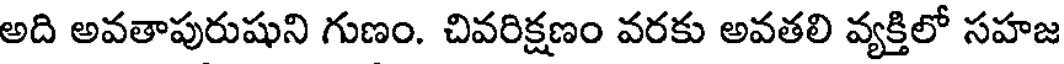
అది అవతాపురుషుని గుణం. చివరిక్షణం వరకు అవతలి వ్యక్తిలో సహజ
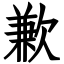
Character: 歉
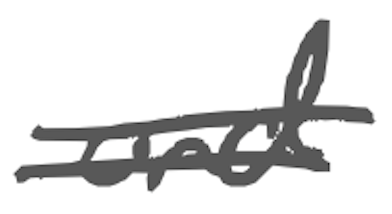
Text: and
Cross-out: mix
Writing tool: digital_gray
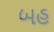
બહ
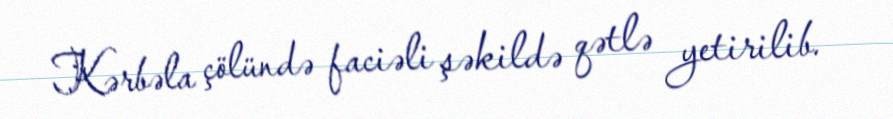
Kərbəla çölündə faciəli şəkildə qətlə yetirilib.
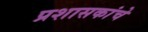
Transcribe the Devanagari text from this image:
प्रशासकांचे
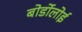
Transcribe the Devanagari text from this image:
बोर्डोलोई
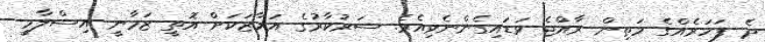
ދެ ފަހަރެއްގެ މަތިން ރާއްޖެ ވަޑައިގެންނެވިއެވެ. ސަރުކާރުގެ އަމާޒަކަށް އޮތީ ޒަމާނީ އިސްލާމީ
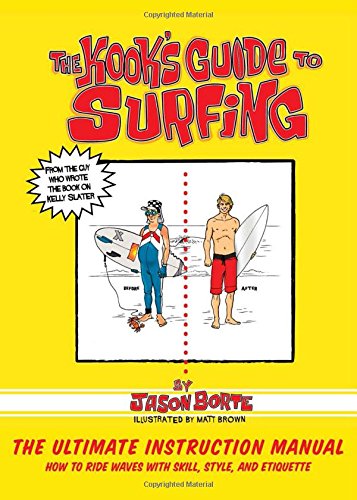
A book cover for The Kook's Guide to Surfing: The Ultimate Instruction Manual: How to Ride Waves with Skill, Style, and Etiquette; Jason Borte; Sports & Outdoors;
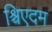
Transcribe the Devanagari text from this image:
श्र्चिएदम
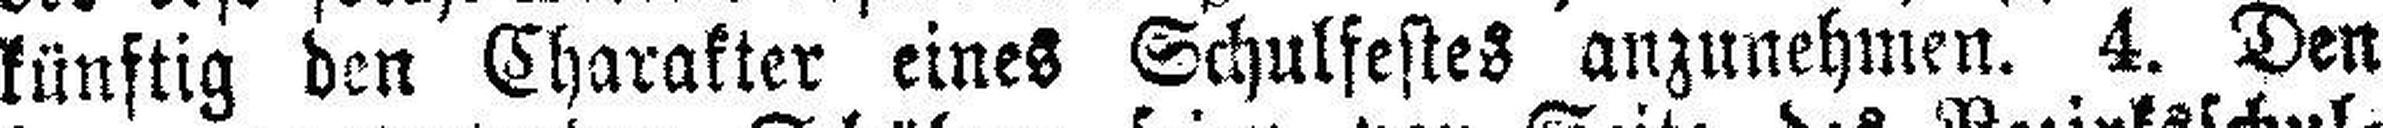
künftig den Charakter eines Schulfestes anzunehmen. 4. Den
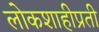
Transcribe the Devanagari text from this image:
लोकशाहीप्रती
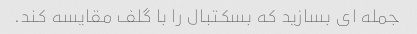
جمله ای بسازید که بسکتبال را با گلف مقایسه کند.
━━━━━━━━━━━━━━━━
→ **EXERCISE GOAL**
Only the lines from the one containing "Character: 歉" through the last line of the entries above should be copied, exactly as they are and without the pictures.

→ **COMPLETED TASK**
Character: 歉
Text: and
Cross-out: mix
Writing tool: digital_gray
બહ
Kərbəla çölündə faciəli şəkildə qətlə yetirilib.
Transcribe the Devanagari text from this image:
प्रशासकांचे
Transcribe the Devanagari text from this image:
बोर्डोलोई
ދެ ފަހަރެއްގެ މަތިން ރާއްޖެ ވަޑައިގެންނެވިއެވެ. ސަރުކާރުގެ އަމާޒަކަށް އޮތީ ޒަމާނީ އިސްލާމީ
A book cover for The Kook's Guide to Surfing: The Ultimate Instruction Manual: How to Ride Waves with Skill, Style, and Etiquette; Jason Borte; Sports & Outdoors;
Transcribe the Devanagari text from this image:
श्र्चिएदम
künftig den Charakter eines Schulfestes anzunehmen. 4. Den
Transcribe the Devanagari text from this image:
लोकशाहीप्रती
جمله ای بسازید که بسکتبال را با گلف مقایسه کند.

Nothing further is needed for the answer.